* Assignment *
Exact wording is required: give all the records again, minus the pictures.
── Data for analysis ──
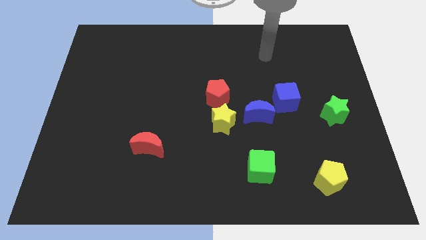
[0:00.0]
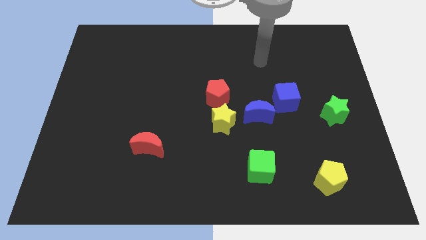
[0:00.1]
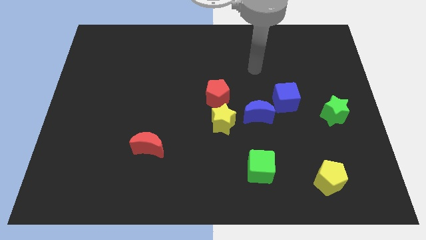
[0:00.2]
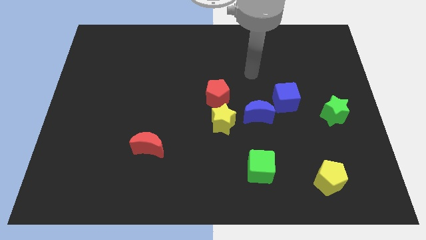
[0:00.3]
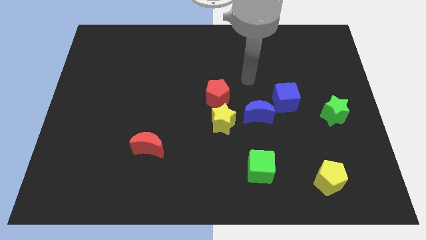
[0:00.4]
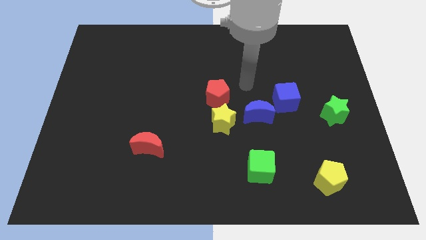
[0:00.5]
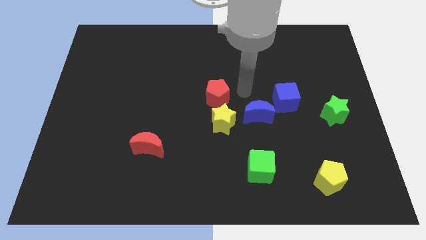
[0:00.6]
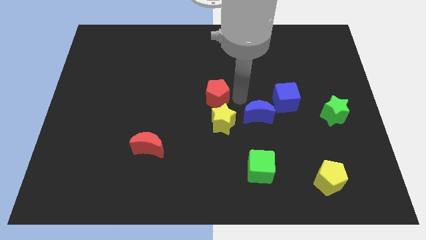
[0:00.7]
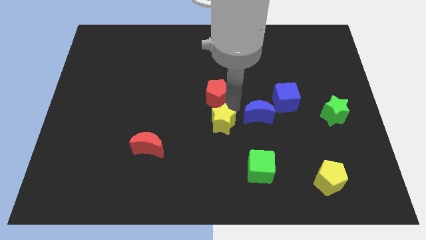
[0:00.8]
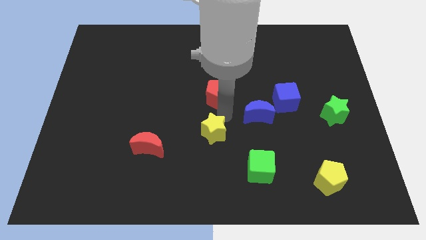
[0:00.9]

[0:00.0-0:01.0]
move the red pentagon away from the yellow star
───
* Solution to the problem *
[0:00.0]
[0:00.1]
[0:00.2]
[0:00.3]
[0:00.4]
[0:00.5]
[0:00.6]
[0:00.7]
[0:00.8]
[0:00.9]

[0:00.0-0:01.0]
move the red pentagon away from the yellow star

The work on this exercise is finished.